| Records supplied |
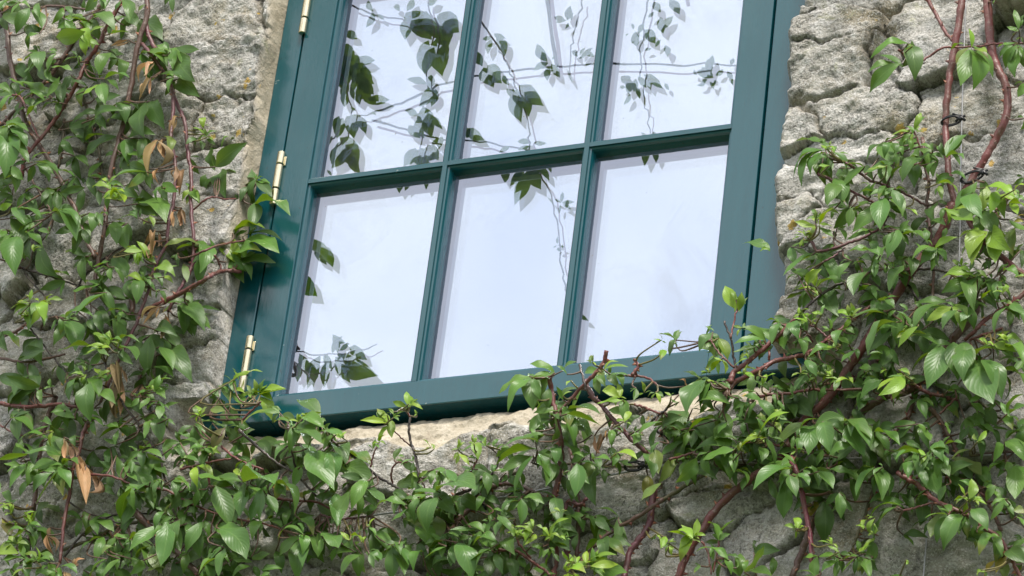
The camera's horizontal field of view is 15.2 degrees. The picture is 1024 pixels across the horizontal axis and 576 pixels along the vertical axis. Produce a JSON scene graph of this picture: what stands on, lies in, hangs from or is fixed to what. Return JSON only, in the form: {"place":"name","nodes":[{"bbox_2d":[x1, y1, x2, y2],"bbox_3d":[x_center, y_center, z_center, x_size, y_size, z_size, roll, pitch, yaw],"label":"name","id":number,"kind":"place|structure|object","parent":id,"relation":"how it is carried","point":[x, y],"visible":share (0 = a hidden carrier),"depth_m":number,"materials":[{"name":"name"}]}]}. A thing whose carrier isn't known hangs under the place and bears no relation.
{"place":"outdoors","nodes":[
{"label":"outdoors","id":0,"kind":"place"},
{"label":"ground","id":1,"kind":"structure","parent":0,"visible":0},
{"bbox_2d":[0,0,1023,575],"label":"stone wall","id":2,"kind":"structure","parent":1,"relation":"on","point":[832,98],"depth_m":4.74,"materials":[{"name":"stone"}]},
{"bbox_2d":[0,0,331,575],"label":"climbing vine","id":3,"kind":"object","parent":2,"relation":"attached to","point":[168,532],"visible":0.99,"depth_m":4.94,"materials":[{"name":"plant"}]},
{"bbox_2d":[201,0,811,439],"bbox_3d":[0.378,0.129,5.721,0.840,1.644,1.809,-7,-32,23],"label":"window","id":4,"kind":"structure","parent":2,"relation":"attached to","point":[487,200],"depth_m":4.94,"materials":[{"name":"clear glass"}]},
{"bbox_2d":[269,330,812,575],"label":"climbing vine","id":5,"kind":"object","parent":2,"relation":"attached to","point":[428,521],"visible":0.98,"depth_m":4.57,"materials":[{"name":"plant"}]},
{"bbox_2d":[623,460,647,471],"bbox_3d":[0.147,0.210,4.553,0.033,0.012,0.011,-7,-32,23],"label":"plant tie","id":6,"kind":"object","parent":5,"relation":"attached to","point":[641,464],"visible":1,"depth_m":4.55,"materials":[{"name":"black plastic"}]},
{"bbox_2d":[324,453,1015,522],"bbox_3d":[0.172,0.225,4.542,0.948,0.039,0.008,-7,-32,23],"label":"training wire","id":7,"kind":"object","parent":2,"relation":"attached to","point":[746,460],"visible":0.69,"depth_m":4.54,"materials":[{"name":"grey metal"}]},
{"bbox_2d":[654,0,1023,575],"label":"climbing vine","id":8,"kind":"object","parent":2,"relation":"attached to","point":[839,437],"visible":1,"depth_m":4.46,"materials":[{"name":"plant"}]},
{"bbox_2d":[940,113,965,126],"bbox_3d":[0.530,-0.202,4.619,0.033,0.013,0.011,-7,-32,23],"label":"plant tie","id":9,"kind":"object","parent":8,"relation":"attached to","point":[960,117],"visible":1,"depth_m":4.62,"materials":[{"name":"black plastic"}]},
{"bbox_2d":[960,167,987,183],"bbox_3d":[0.548,-0.134,4.561,0.036,0.017,0.013,-7,-32,23],"label":"plant tie","id":10,"kind":"object","parent":8,"relation":"attached to","point":[982,172],"visible":0.96,"depth_m":4.56,"materials":[{"name":"black plastic"}]},
{"bbox_2d":[923,490,930,575],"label":"training wire","id":11,"kind":"object","parent":2,"relation":"attached to","point":[926,542],"visible":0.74,"depth_m":4.35,"materials":[{"name":"grey metal"}]},
{"bbox_2d":[947,0,966,383],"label":"training wire","id":12,"kind":"object","parent":2,"relation":"attached to","point":[960,158],"visible":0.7,"depth_m":4.61,"materials":[{"name":"grey metal"}]}
]}

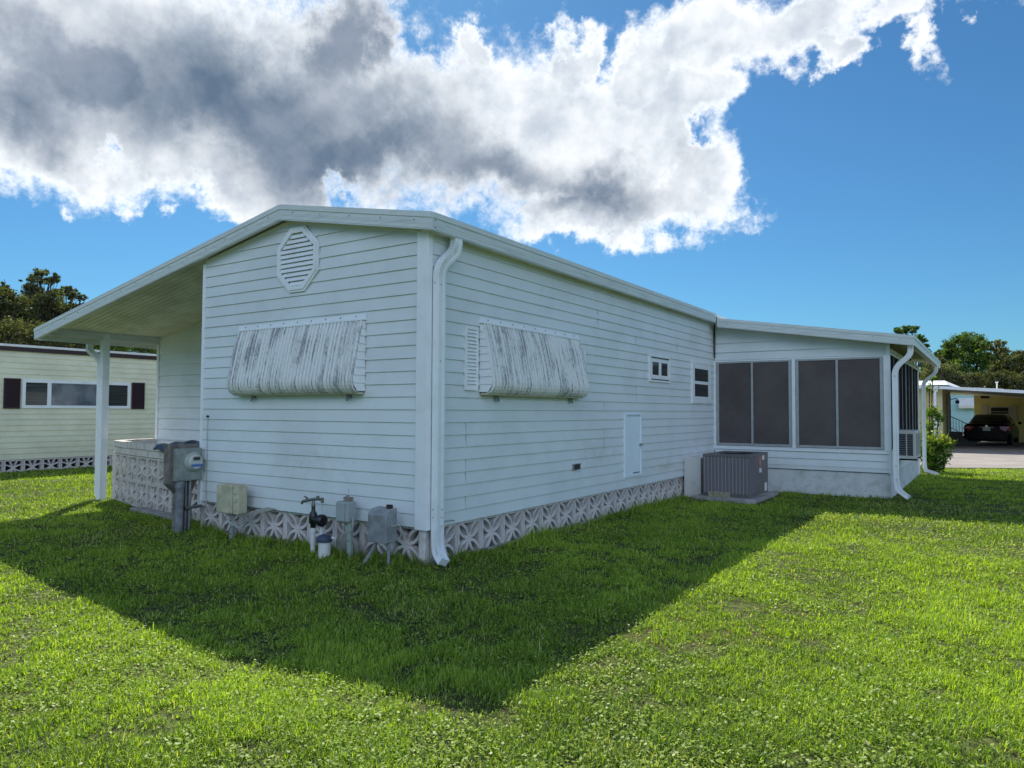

| Exercise details |
Restate each entry word for word, leaving out any pictures.

| Problem solution |
The camera's horizontal field of view is 15.2 degrees. The picture is 1024 pixels across the horizontal axis and 576 pixels along the vertical axis. Produce a JSON scene graph of this picture: what stands on, lies in, hangs from or is fixed to what. Return JSON only, in the form: {"place":"name","nodes":[{"bbox_2d":[x1, y1, x2, y2],"bbox_3d":[x_center, y_center, z_center, x_size, y_size, z_size, roll, pitch, yaw],"label":"name","id":number,"kind":"place|structure|object","parent":id,"relation":"how it is carried","point":[x, y],"visible":share (0 = a hidden carrier),"depth_m":number,"materials":[{"name":"name"}]}]}. A thing whose carrier isn't known hangs under the place and bears no relation.
{"place":"outdoors","nodes":[
{"label":"outdoors","id":0,"kind":"place"},
{"label":"ground","id":1,"kind":"structure","parent":0,"visible":0},
{"bbox_2d":[0,0,1023,575],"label":"stone wall","id":2,"kind":"structure","parent":1,"relation":"on","point":[832,98],"depth_m":4.74,"materials":[{"name":"stone"}]},
{"bbox_2d":[0,0,331,575],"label":"climbing vine","id":3,"kind":"object","parent":2,"relation":"attached to","point":[168,532],"visible":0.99,"depth_m":4.94,"materials":[{"name":"plant"}]},
{"bbox_2d":[201,0,811,439],"bbox_3d":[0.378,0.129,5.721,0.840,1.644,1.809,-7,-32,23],"label":"window","id":4,"kind":"structure","parent":2,"relation":"attached to","point":[487,200],"depth_m":4.94,"materials":[{"name":"clear glass"}]},
{"bbox_2d":[269,330,812,575],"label":"climbing vine","id":5,"kind":"object","parent":2,"relation":"attached to","point":[428,521],"visible":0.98,"depth_m":4.57,"materials":[{"name":"plant"}]},
{"bbox_2d":[623,460,647,471],"bbox_3d":[0.147,0.210,4.553,0.033,0.012,0.011,-7,-32,23],"label":"plant tie","id":6,"kind":"object","parent":5,"relation":"attached to","point":[641,464],"visible":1,"depth_m":4.55,"materials":[{"name":"black plastic"}]},
{"bbox_2d":[324,453,1015,522],"bbox_3d":[0.172,0.225,4.542,0.948,0.039,0.008,-7,-32,23],"label":"training wire","id":7,"kind":"object","parent":2,"relation":"attached to","point":[746,460],"visible":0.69,"depth_m":4.54,"materials":[{"name":"grey metal"}]},
{"bbox_2d":[654,0,1023,575],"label":"climbing vine","id":8,"kind":"object","parent":2,"relation":"attached to","point":[839,437],"visible":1,"depth_m":4.46,"materials":[{"name":"plant"}]},
{"bbox_2d":[940,113,965,126],"bbox_3d":[0.530,-0.202,4.619,0.033,0.013,0.011,-7,-32,23],"label":"plant tie","id":9,"kind":"object","parent":8,"relation":"attached to","point":[960,117],"visible":1,"depth_m":4.62,"materials":[{"name":"black plastic"}]},
{"bbox_2d":[960,167,987,183],"bbox_3d":[0.548,-0.134,4.561,0.036,0.017,0.013,-7,-32,23],"label":"plant tie","id":10,"kind":"object","parent":8,"relation":"attached to","point":[982,172],"visible":0.96,"depth_m":4.56,"materials":[{"name":"black plastic"}]},
{"bbox_2d":[923,490,930,575],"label":"training wire","id":11,"kind":"object","parent":2,"relation":"attached to","point":[926,542],"visible":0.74,"depth_m":4.35,"materials":[{"name":"grey metal"}]},
{"bbox_2d":[947,0,966,383],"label":"training wire","id":12,"kind":"object","parent":2,"relation":"attached to","point":[960,158],"visible":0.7,"depth_m":4.61,"materials":[{"name":"grey metal"}]}
]}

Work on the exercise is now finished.